(Data entries)
+ + +
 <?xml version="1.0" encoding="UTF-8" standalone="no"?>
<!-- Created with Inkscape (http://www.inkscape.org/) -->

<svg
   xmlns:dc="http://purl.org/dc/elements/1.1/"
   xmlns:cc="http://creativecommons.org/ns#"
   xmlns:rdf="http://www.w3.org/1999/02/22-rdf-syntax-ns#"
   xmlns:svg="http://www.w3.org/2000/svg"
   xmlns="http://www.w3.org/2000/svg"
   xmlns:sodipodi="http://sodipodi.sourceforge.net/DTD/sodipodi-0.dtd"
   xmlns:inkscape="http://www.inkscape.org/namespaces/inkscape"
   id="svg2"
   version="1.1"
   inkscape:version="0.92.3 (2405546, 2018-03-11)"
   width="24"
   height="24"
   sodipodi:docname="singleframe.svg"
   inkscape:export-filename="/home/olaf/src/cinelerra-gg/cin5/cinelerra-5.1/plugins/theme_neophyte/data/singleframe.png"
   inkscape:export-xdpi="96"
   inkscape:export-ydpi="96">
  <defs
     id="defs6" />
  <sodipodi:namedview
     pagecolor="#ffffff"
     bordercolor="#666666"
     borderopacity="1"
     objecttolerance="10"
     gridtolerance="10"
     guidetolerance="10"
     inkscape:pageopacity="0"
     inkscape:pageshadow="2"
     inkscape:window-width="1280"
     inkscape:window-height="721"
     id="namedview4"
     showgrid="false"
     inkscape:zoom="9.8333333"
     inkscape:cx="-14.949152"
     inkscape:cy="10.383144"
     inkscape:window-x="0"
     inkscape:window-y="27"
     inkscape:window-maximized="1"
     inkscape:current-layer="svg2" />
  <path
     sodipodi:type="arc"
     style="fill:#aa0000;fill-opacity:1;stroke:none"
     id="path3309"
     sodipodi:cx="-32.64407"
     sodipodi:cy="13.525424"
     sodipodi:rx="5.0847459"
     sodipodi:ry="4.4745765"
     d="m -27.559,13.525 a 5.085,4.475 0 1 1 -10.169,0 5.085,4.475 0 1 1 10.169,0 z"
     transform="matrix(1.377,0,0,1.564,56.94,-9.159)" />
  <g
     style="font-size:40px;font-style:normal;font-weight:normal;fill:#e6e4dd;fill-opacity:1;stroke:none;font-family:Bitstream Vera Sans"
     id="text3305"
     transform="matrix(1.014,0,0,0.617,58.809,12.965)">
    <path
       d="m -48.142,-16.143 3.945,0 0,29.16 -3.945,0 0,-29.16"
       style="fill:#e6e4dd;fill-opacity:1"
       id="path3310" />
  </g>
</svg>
+ + +
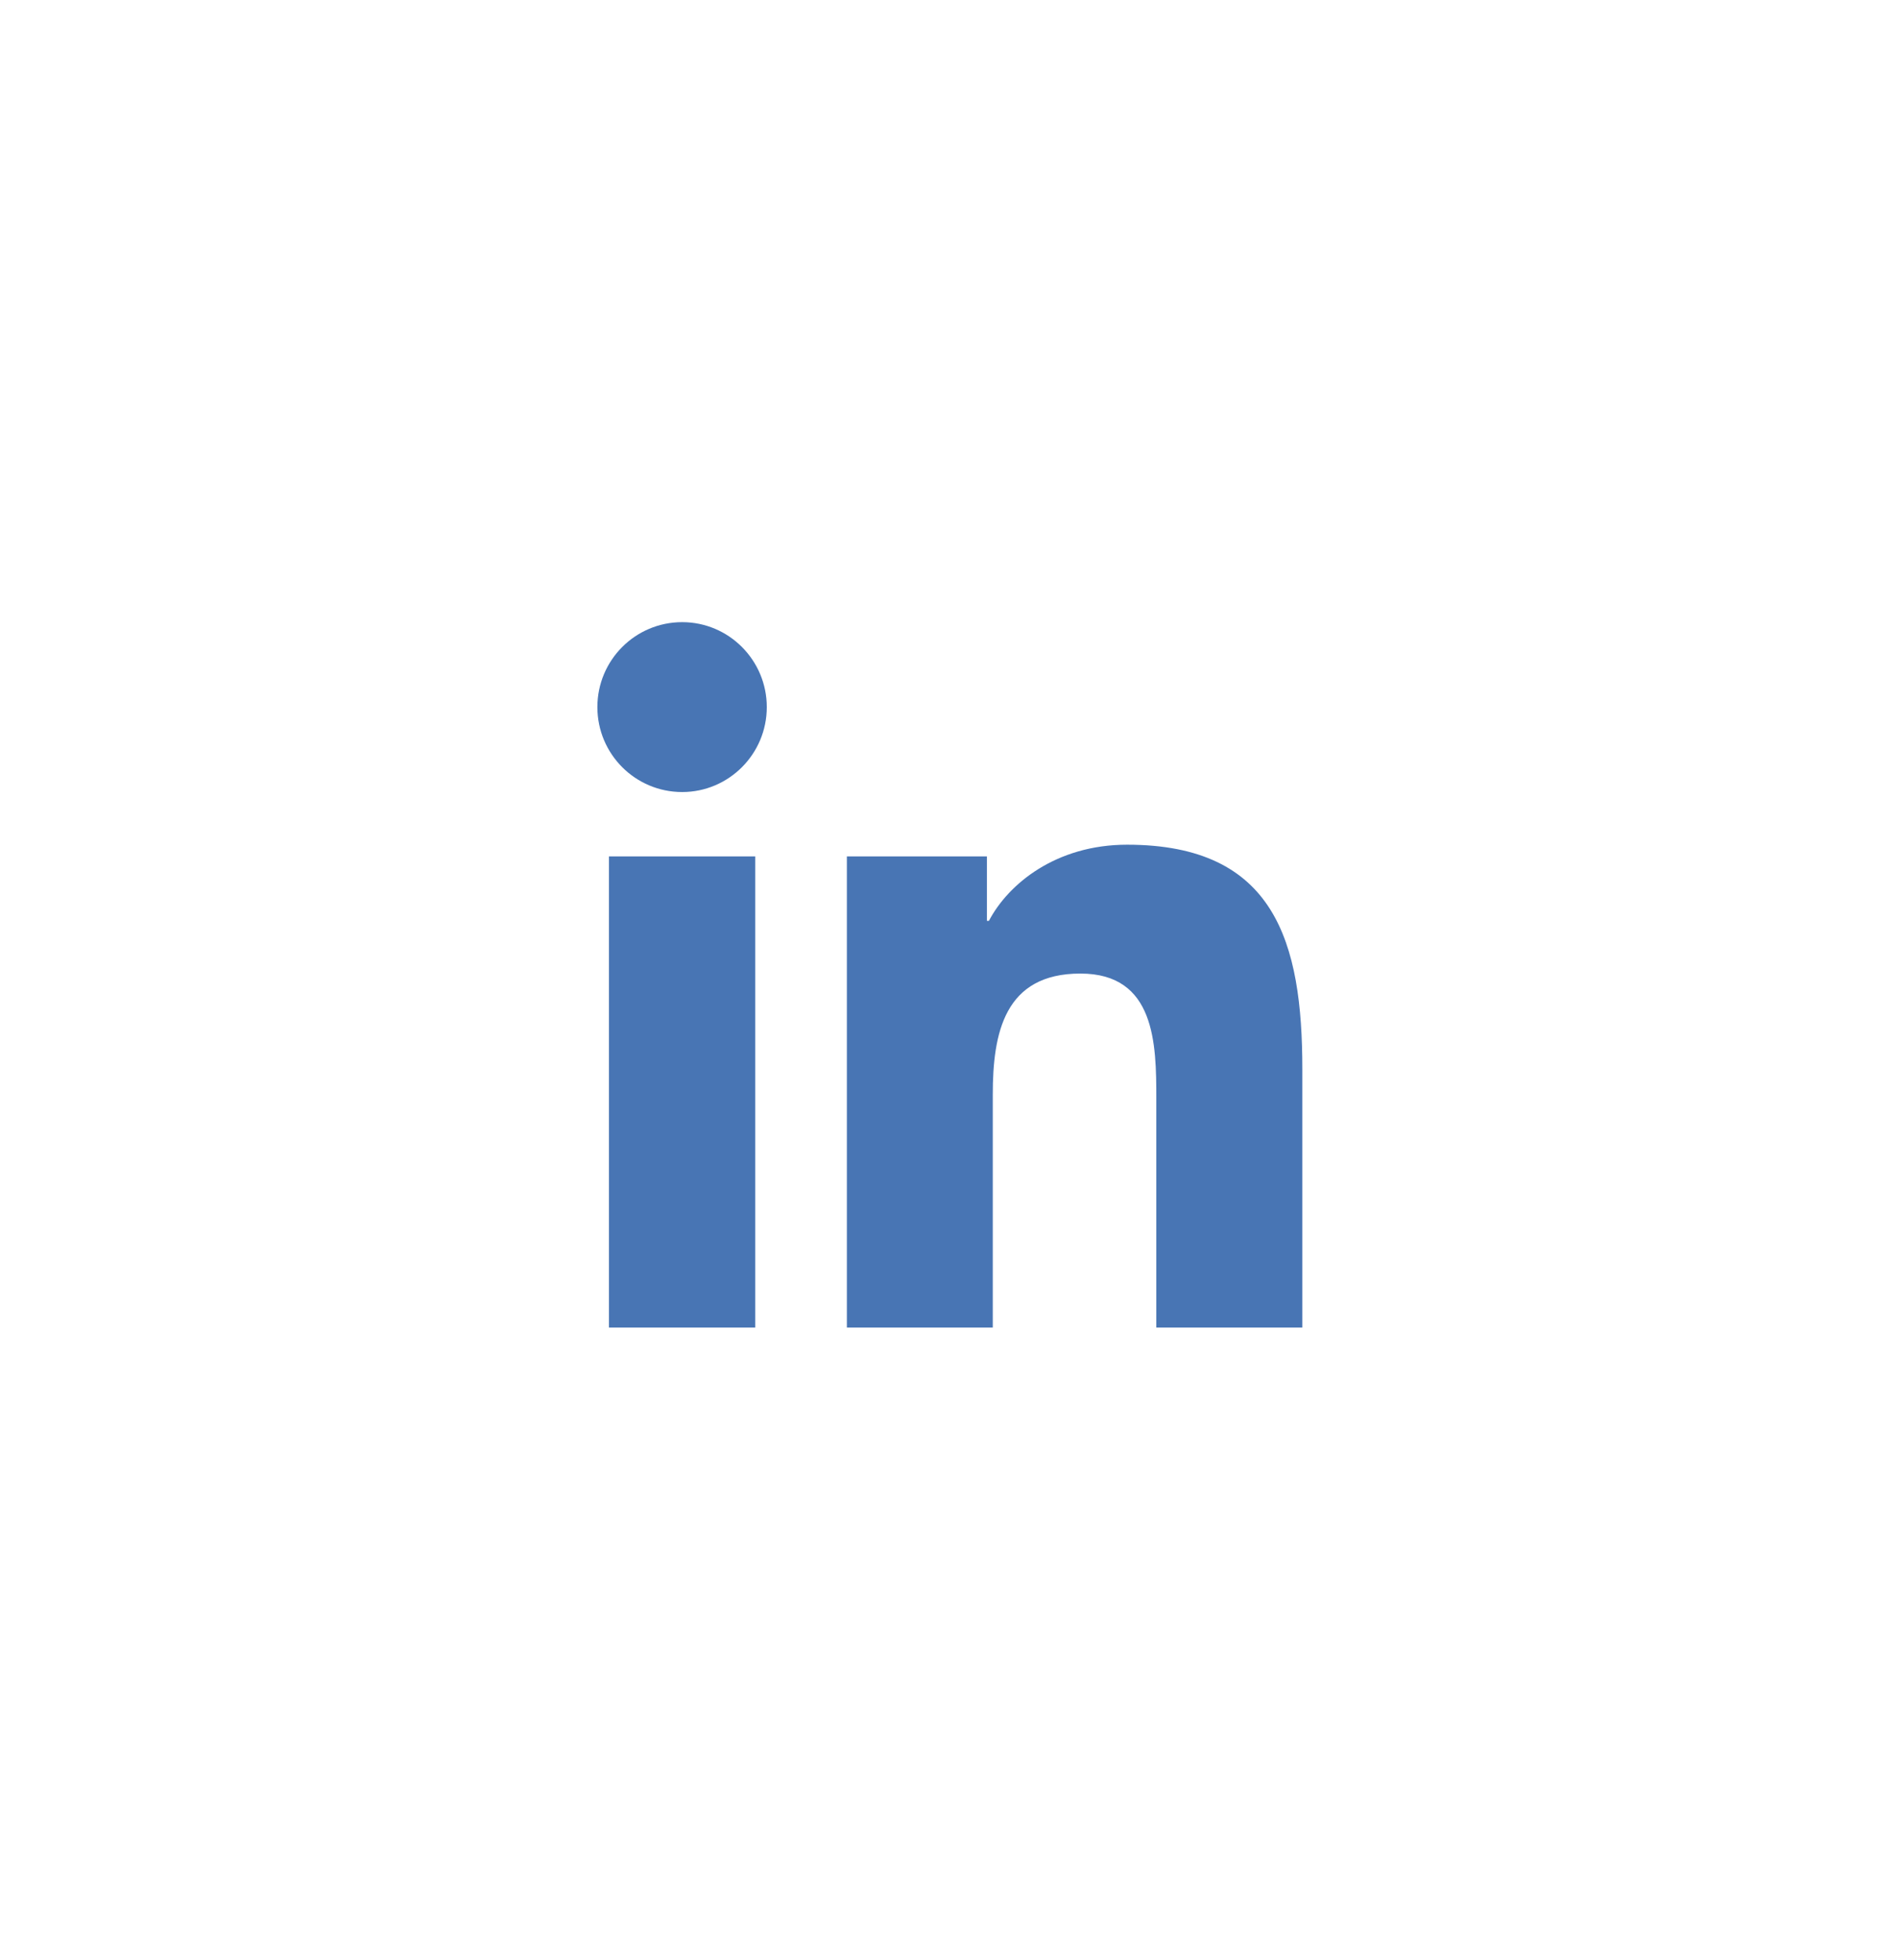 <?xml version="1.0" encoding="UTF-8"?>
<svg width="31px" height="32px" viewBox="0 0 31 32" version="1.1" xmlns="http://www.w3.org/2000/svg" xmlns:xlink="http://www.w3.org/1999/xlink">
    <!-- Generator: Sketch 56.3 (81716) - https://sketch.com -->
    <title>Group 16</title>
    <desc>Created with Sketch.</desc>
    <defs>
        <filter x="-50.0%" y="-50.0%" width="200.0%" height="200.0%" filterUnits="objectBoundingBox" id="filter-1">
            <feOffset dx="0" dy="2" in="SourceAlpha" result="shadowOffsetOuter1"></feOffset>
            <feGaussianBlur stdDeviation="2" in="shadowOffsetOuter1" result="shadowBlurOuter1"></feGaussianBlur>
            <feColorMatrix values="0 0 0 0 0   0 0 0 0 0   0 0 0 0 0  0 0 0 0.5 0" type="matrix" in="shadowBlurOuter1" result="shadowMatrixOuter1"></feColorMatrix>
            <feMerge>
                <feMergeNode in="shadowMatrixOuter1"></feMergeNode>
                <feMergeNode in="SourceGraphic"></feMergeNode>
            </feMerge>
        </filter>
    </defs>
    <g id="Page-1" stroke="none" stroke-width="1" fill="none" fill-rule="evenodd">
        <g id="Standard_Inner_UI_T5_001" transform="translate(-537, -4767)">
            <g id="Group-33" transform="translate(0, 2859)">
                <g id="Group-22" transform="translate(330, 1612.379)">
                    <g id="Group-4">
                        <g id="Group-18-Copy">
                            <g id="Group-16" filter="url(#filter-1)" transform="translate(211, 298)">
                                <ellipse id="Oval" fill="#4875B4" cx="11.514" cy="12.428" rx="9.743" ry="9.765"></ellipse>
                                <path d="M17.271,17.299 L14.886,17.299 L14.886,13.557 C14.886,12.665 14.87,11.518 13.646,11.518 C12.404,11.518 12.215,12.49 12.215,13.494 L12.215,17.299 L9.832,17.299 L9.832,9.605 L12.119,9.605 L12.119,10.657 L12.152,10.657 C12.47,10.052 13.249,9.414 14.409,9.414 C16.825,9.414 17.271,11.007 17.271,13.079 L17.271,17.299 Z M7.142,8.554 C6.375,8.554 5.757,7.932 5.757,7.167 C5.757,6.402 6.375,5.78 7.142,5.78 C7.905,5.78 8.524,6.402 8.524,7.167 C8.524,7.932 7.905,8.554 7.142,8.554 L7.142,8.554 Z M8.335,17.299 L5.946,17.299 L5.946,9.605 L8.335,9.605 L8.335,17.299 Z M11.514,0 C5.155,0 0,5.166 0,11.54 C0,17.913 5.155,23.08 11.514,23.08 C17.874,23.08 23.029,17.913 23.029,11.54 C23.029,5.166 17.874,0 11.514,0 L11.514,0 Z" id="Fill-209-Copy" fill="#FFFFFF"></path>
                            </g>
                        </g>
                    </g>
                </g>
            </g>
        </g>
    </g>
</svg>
+ + +
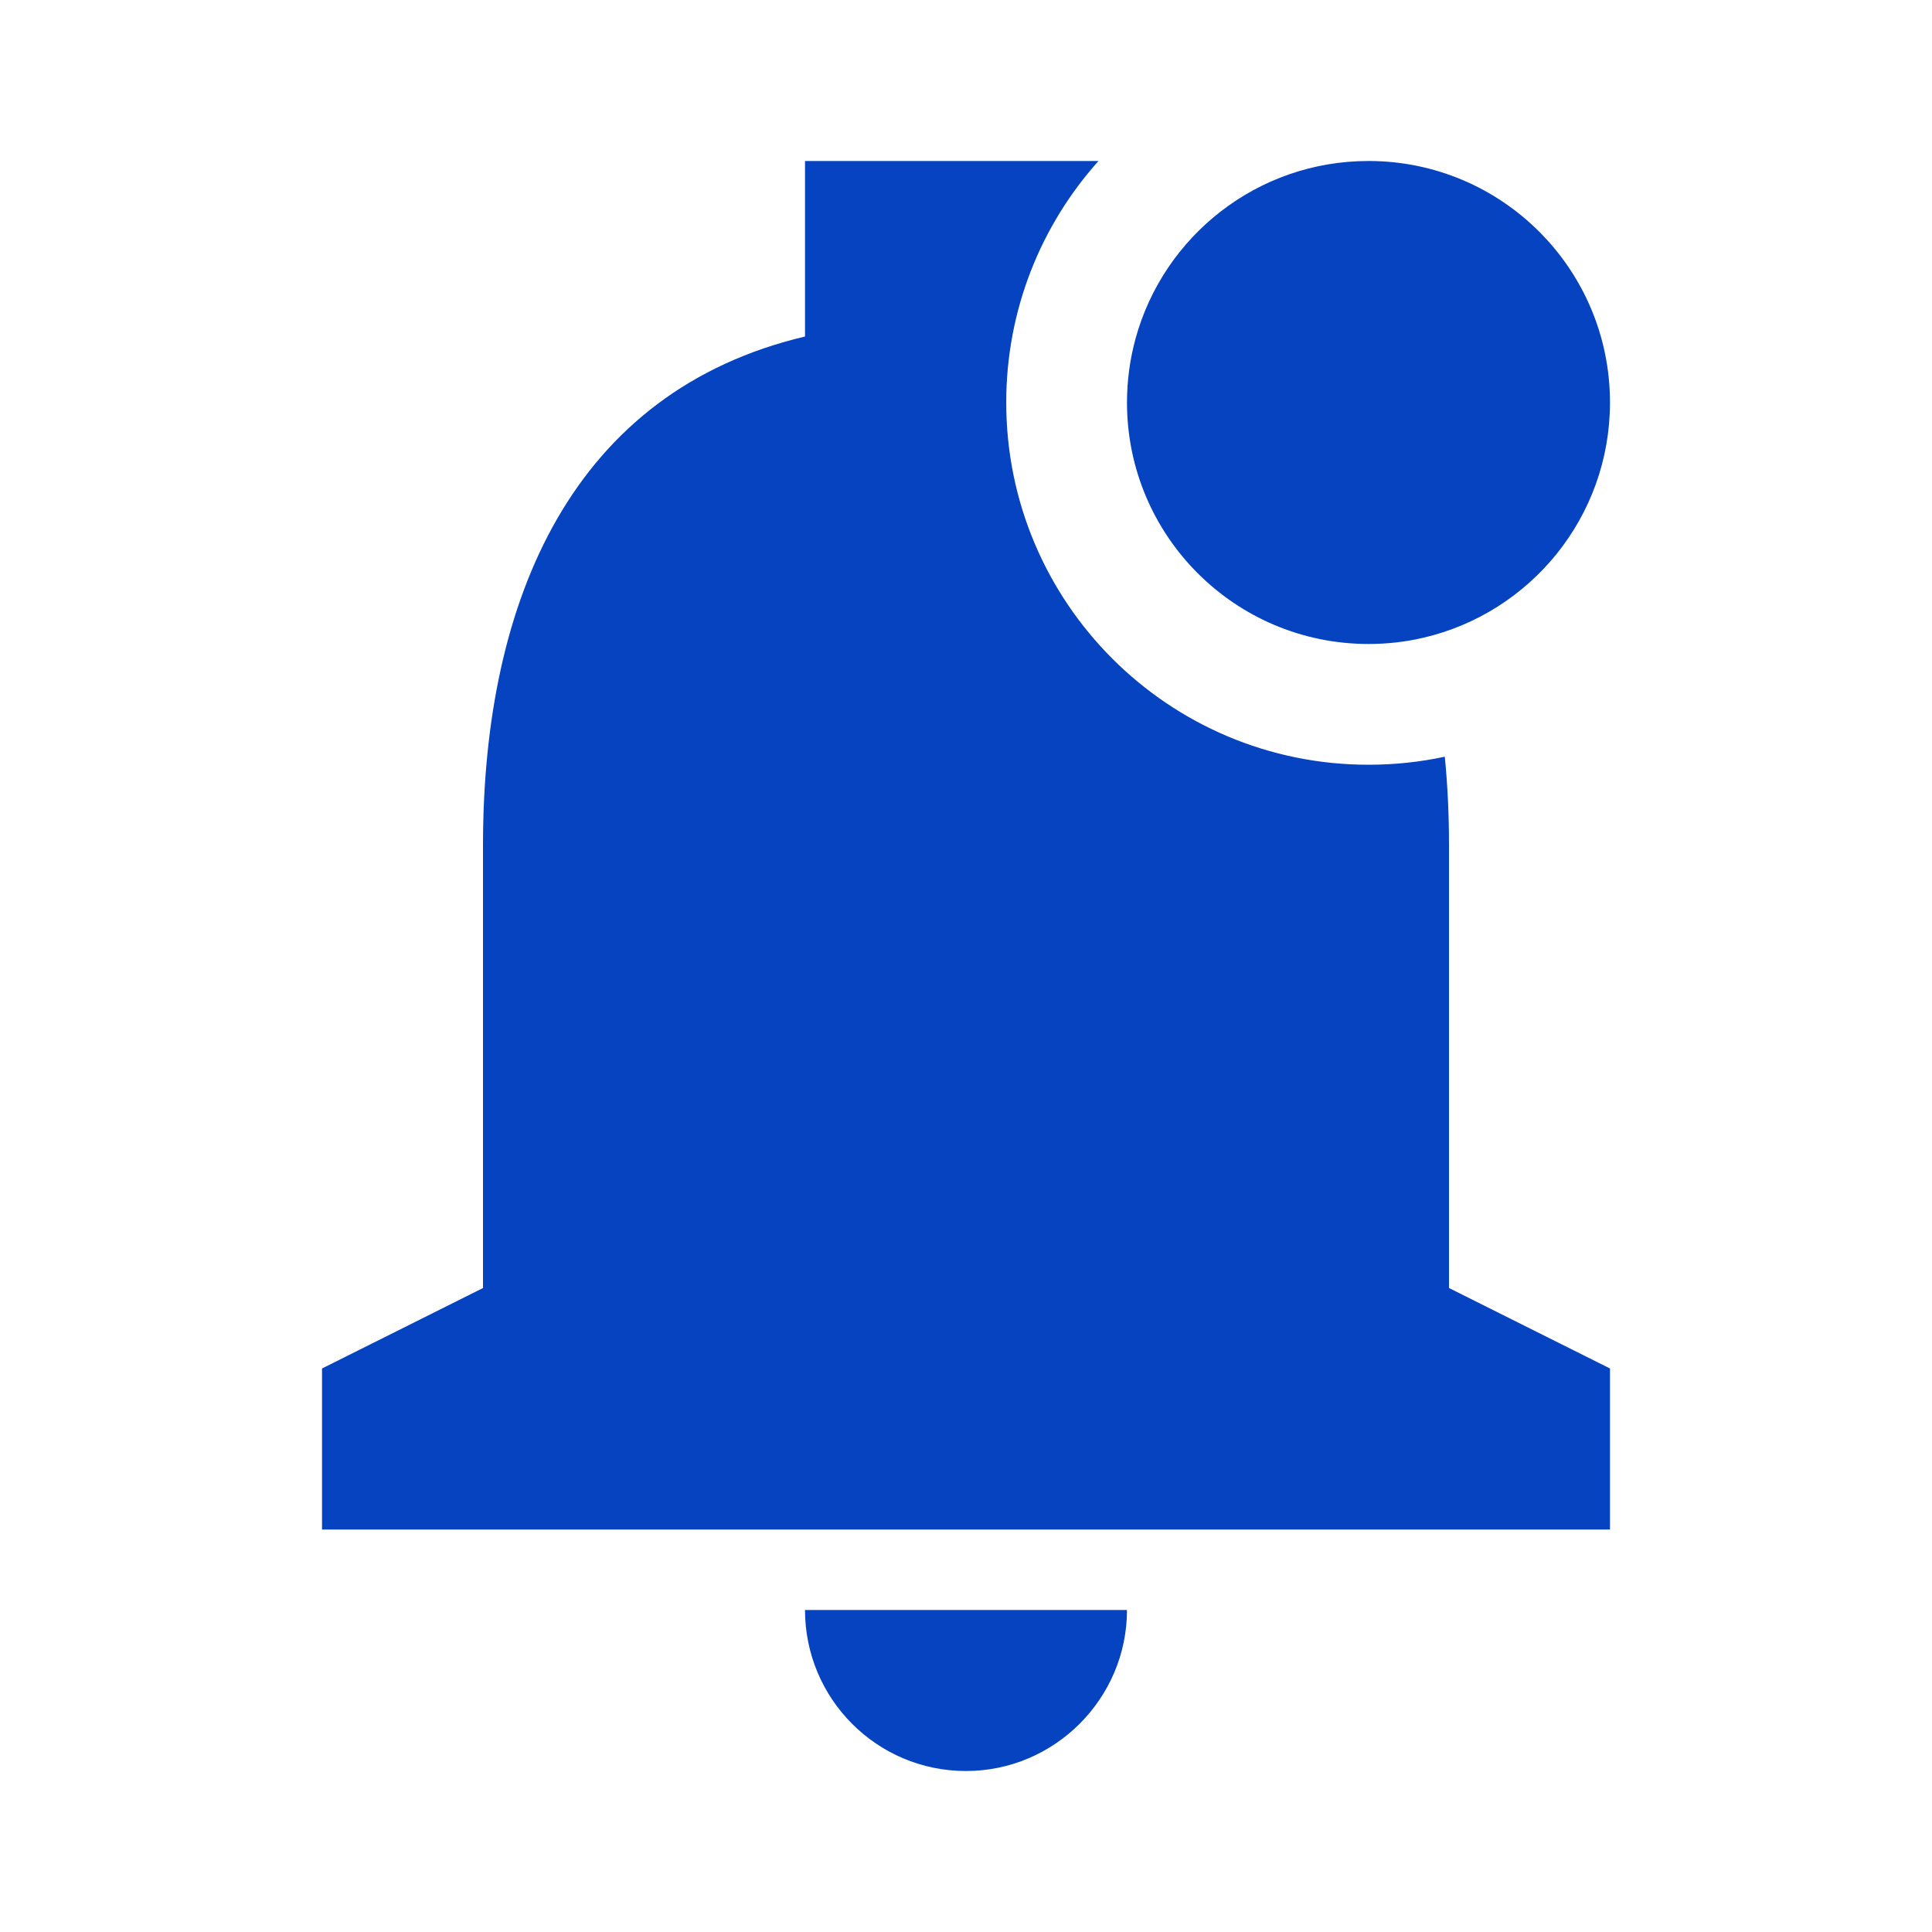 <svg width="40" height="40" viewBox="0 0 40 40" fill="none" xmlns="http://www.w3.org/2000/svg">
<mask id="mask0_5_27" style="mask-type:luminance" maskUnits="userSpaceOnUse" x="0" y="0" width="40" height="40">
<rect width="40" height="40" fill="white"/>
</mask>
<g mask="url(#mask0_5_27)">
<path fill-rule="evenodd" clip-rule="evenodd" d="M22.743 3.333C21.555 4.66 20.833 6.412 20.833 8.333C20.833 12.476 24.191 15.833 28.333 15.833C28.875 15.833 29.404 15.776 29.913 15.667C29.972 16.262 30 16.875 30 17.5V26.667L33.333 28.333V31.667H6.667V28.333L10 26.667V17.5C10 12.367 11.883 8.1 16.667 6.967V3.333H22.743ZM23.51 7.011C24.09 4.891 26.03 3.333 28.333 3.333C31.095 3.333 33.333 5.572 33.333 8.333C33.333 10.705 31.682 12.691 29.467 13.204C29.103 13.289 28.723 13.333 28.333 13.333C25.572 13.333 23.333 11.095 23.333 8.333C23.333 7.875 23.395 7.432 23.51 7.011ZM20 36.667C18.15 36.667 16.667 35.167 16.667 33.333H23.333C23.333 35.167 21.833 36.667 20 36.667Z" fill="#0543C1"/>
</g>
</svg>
+ + +
What lines above contain the word "rule"? Please copy each one.

    <g id="Page-1" stroke="none" stroke-width="1" fill="none" fill-rule="evenodd">
<path fill-rule="evenodd" clip-rule="evenodd" d="M22.743 3.333C21.555 4.66 20.833 6.412 20.833 8.333C20.833 12.476 24.191 15.833 28.333 15.833C28.875 15.833 29.404 15.776 29.913 15.667C29.972 16.262 30 16.875 30 17.5V26.667L33.333 28.333V31.667H6.667V28.333L10 26.667V17.5C10 12.367 11.883 8.1 16.667 6.967V3.333H22.743ZM23.51 7.011C24.09 4.891 26.03 3.333 28.333 3.333C31.095 3.333 33.333 5.572 33.333 8.333C33.333 10.705 31.682 12.691 29.467 13.204C29.103 13.289 28.723 13.333 28.333 13.333C25.572 13.333 23.333 11.095 23.333 8.333C23.333 7.875 23.395 7.432 23.51 7.011ZM20 36.667C18.15 36.667 16.667 35.167 16.667 33.333H23.333C23.333 35.167 21.833 36.667 20 36.667Z" fill="#0543C1"/>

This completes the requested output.